▶ **WHAT IS REQUIRED**
Every entry gets copied exactly. No images go into the copy.

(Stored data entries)
_____

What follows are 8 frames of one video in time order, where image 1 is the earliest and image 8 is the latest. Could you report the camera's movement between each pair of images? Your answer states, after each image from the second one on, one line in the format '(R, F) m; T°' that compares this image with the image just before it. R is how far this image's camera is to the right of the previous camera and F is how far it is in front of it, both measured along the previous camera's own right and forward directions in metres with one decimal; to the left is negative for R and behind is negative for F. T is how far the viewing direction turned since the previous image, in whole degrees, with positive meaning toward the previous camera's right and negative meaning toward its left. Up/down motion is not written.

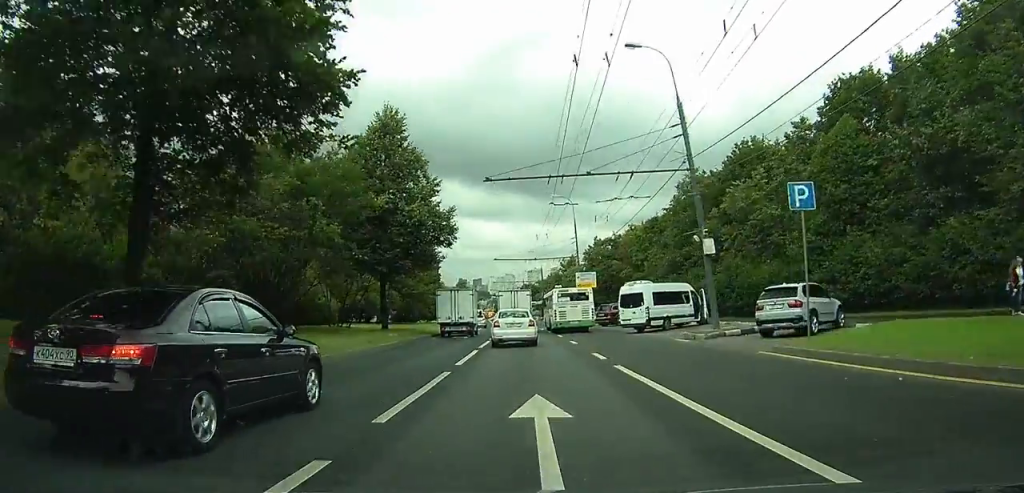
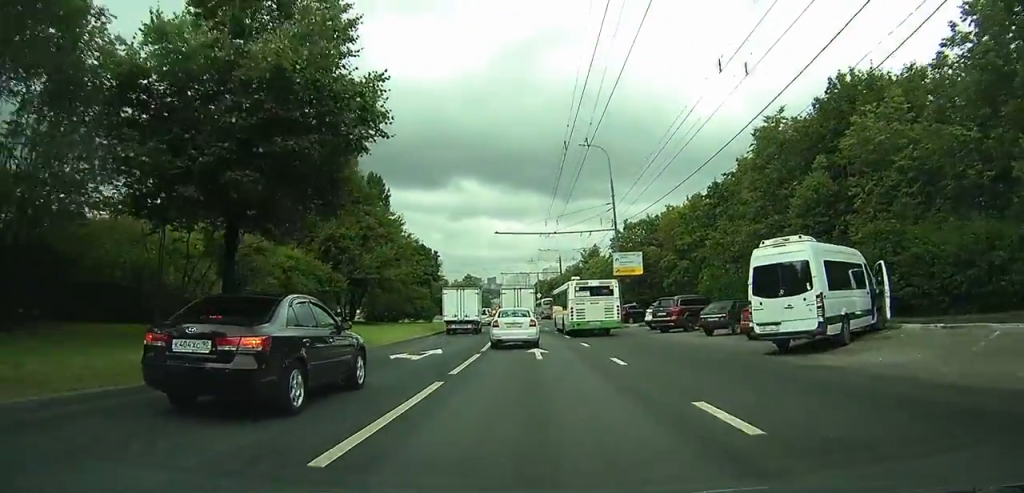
(-0.2, +18.1) m; -1°
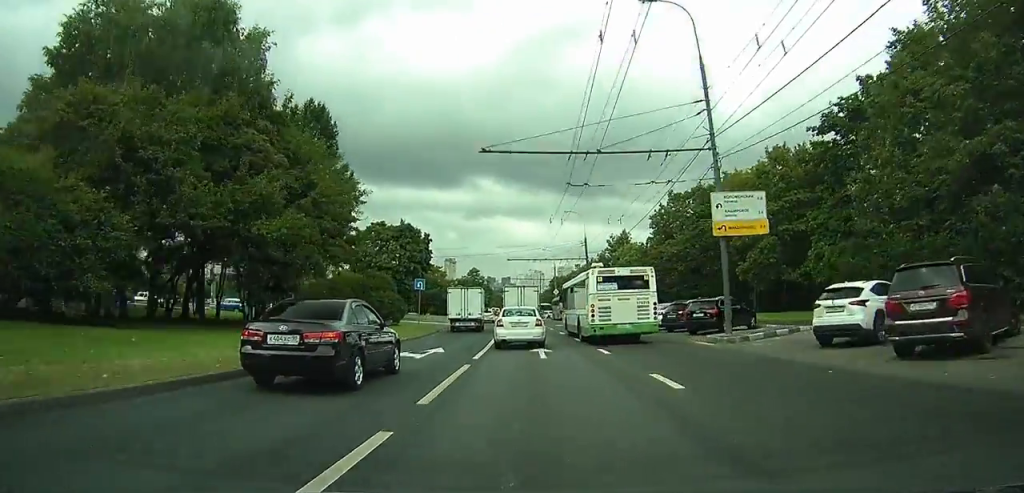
(-0.2, +20.2) m; -2°
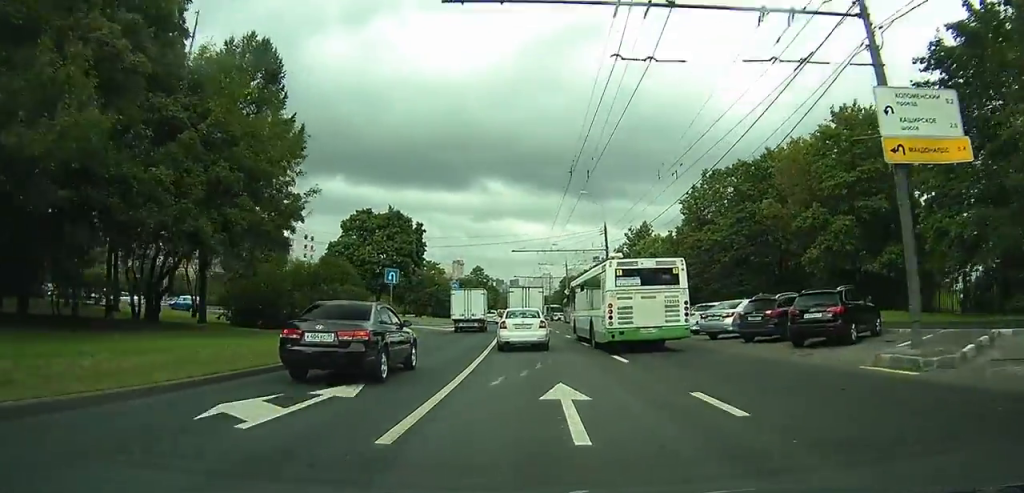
(-0.1, +10.3) m; -1°
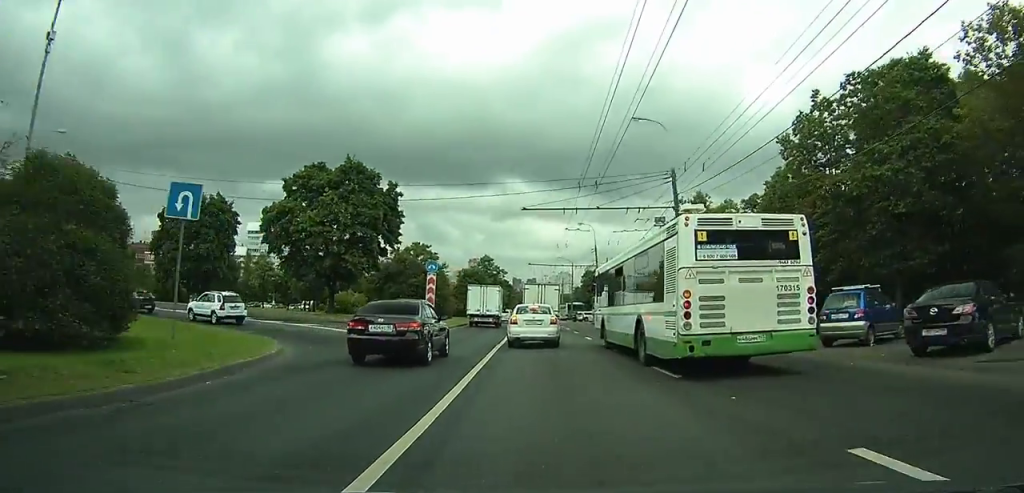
(-0.3, +19.9) m; -1°
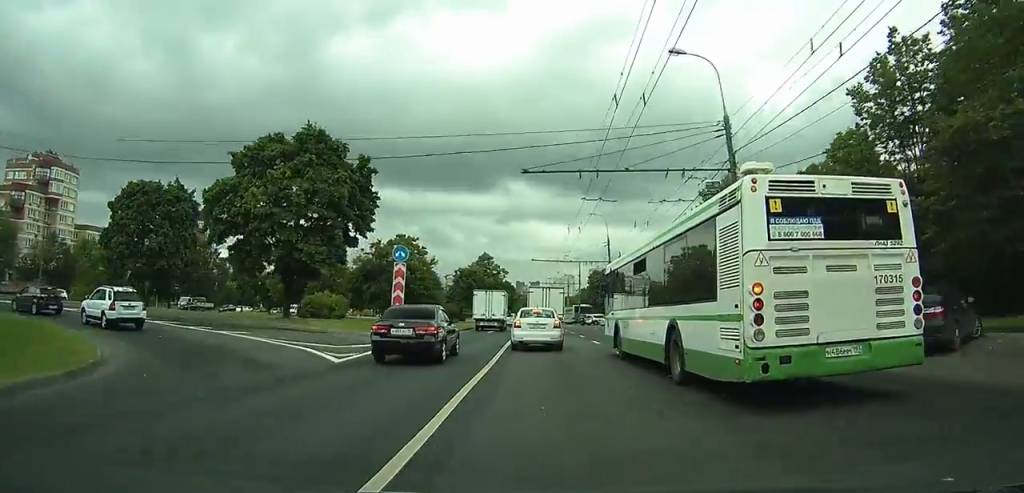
(0.0, +9.0) m; 0°
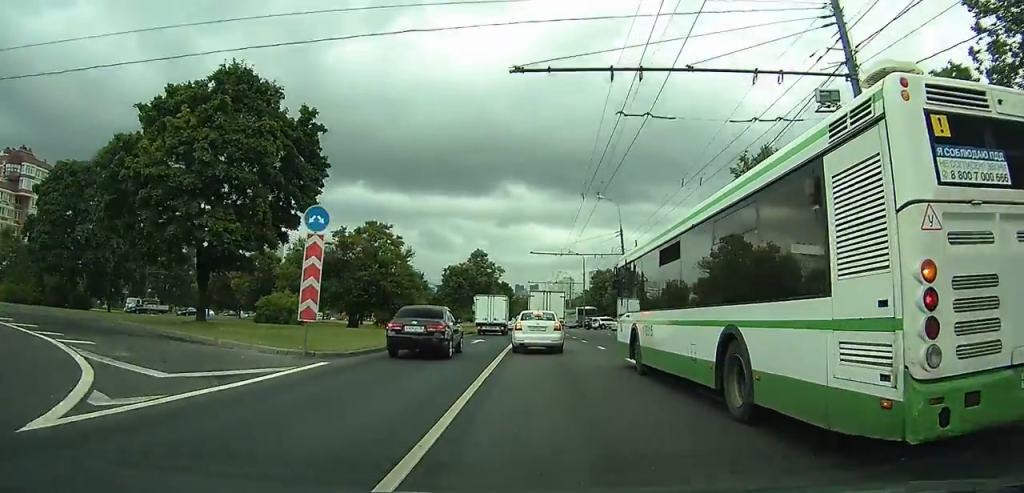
(0.0, +10.0) m; 0°
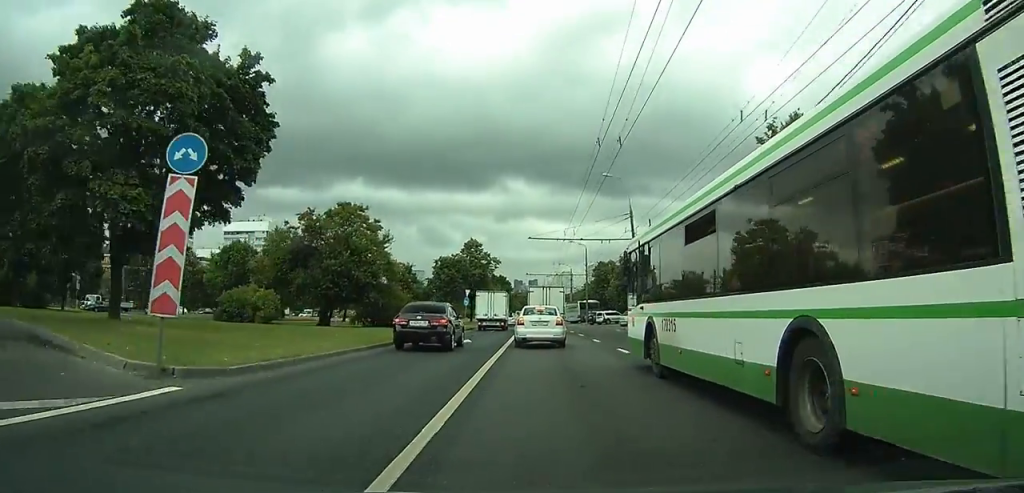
(0.0, +6.3) m; 0°

_____

▶ **EXERCISE RESULT**
What follows are 8 frames of one video in time order, where image 1 is the earliest and image 8 is the latest. Could you report the camera's movement between each pair of images? Your answer states, after each image from the second one on, one line in the format '(R, F) m; T°' that compares this image with the image just before it. R is how far this image's camera is to the right of the previous camera and F is how far it is in front of it, both measured along the previous camera's own right and forward directions in metres with one decimal; to the left is negative for R and behind is negative for F. T is how far the viewing direction turned since the previous image, in whole degrees, with positive meaning toward the previous camera's right and negative meaning toward its left. Up/down motion is not written.

(-0.2, +18.1) m; -1°
(-0.2, +20.2) m; -2°
(-0.1, +10.3) m; -1°
(-0.3, +19.9) m; -1°
(0.0, +9.0) m; 0°
(0.0, +10.0) m; 0°
(0.0, +6.3) m; 0°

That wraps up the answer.